You heard it here folk! How could Americans possibly believe misinformation over truth! There's no president for it! It must be a foreign scheme! Fluoride in the water! Precious bodily fluids!

[–] Bamboodpanda@lemmy.world 0 points 2 hours ago (1 children)

It’s always interesting to see how discussions about disinformation attract the very tactics they describe. A predictable pattern emerges in these responses—one designed not to engage in good faith but to mock, dismiss, and deflect.

Here’s how it typically plays out:

  • Mockery Instead of Argument

    • Rather than addressing specific points, they resort to sarcasm and ridicule.
    • Compare serious, well-documented concerns to absurd conspiracy theories—"Fluoride in the water! Precious bodily fluids!"—so that the entire discussion is framed as ridiculous.
  • The “Conspiracy Theory” Dismissal

    • Even when the argument is based on intelligence reports, independent research institutions, and government investigations, they lump it together with baseless internet conspiracies like QAnon.
    • This is not a counterargument—it’s a lazy rhetorical trick to make the entire topic seem unserious without actually refuting anything.
  • Demand Sources, Then Ignore Them

    • If a comment doesn’t include direct links, they pretend it’s “unsourced,” even if it references well-known institutions like RAND, Stanford, or U.S. intelligence agencies.
    • Ironically, they don’t provide sources themselves—because their goal isn’t fact-finding, but discrediting.
  • Dismiss the Premise Without Engagement

    • They don’t acknowledge the existence of Russian disinformation efforts, despite overwhelming evidence.
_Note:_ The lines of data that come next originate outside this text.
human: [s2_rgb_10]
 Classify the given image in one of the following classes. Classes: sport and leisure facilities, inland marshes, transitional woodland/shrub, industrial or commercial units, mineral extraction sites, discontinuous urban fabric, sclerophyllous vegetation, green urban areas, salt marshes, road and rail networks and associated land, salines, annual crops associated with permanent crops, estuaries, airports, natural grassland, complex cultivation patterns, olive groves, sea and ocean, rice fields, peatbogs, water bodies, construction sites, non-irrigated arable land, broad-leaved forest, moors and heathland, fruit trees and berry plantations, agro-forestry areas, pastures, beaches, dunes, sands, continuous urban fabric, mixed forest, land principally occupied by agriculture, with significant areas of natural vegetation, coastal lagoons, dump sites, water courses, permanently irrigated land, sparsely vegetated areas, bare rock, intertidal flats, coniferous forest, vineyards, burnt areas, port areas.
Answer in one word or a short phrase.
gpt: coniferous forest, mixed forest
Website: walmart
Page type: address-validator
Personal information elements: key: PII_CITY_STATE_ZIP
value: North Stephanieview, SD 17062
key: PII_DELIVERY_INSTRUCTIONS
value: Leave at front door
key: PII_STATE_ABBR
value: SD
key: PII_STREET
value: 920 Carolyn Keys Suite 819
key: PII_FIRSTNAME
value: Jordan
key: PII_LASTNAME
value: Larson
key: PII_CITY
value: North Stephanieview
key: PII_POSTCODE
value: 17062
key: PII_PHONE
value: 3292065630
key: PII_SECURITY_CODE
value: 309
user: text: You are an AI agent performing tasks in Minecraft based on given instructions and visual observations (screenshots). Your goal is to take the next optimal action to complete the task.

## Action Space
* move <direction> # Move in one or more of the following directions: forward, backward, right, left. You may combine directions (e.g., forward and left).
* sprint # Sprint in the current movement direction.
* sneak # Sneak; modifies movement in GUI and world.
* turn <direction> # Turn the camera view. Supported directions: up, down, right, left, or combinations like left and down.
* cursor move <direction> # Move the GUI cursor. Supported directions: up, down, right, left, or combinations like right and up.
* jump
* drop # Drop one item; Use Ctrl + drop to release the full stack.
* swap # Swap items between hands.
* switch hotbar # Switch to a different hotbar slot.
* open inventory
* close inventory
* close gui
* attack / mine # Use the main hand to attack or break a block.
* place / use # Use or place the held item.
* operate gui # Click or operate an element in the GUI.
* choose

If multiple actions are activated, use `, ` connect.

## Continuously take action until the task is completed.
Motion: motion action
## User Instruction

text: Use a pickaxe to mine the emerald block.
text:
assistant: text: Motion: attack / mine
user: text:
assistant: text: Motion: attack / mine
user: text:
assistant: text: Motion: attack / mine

Instead, they treat the claim itself as laughable.
    • This is classic gaslighting—pretending a well-documented reality doesn’t exist to make people second-guess whether it’s even worth discussing.
  • Turn the Conversation Into Noise

    • By injecting sarcasm and misrepresentation, they shift the focus away from the substance of the discussion.
    • The goal is to waste people’s time, exhaust them, and make the entire conversation seem like a pointless back-and-forth.

This is one of the most effective disinformation tactics—not to argue a case, but to flood the zone with nonsense until people disengage. And unfortunately, it works. When bad-faith actors derail discussions with sarcasm and mockery, it discourages others from engaging at all.

So, the next time someone tries to dismiss a fact-based argument by ridiculing it instead of addressing it, recognize the pattern. It’s not a debate—it’s an attempt to control the conversation by making real information seem like a joke.

[–] BrainInABox@lemmy.ml 1 points 2 hours ago

But your argument isn't "fact based", any more than the claims of Qanoners. You've made a bunch of unverified assertions.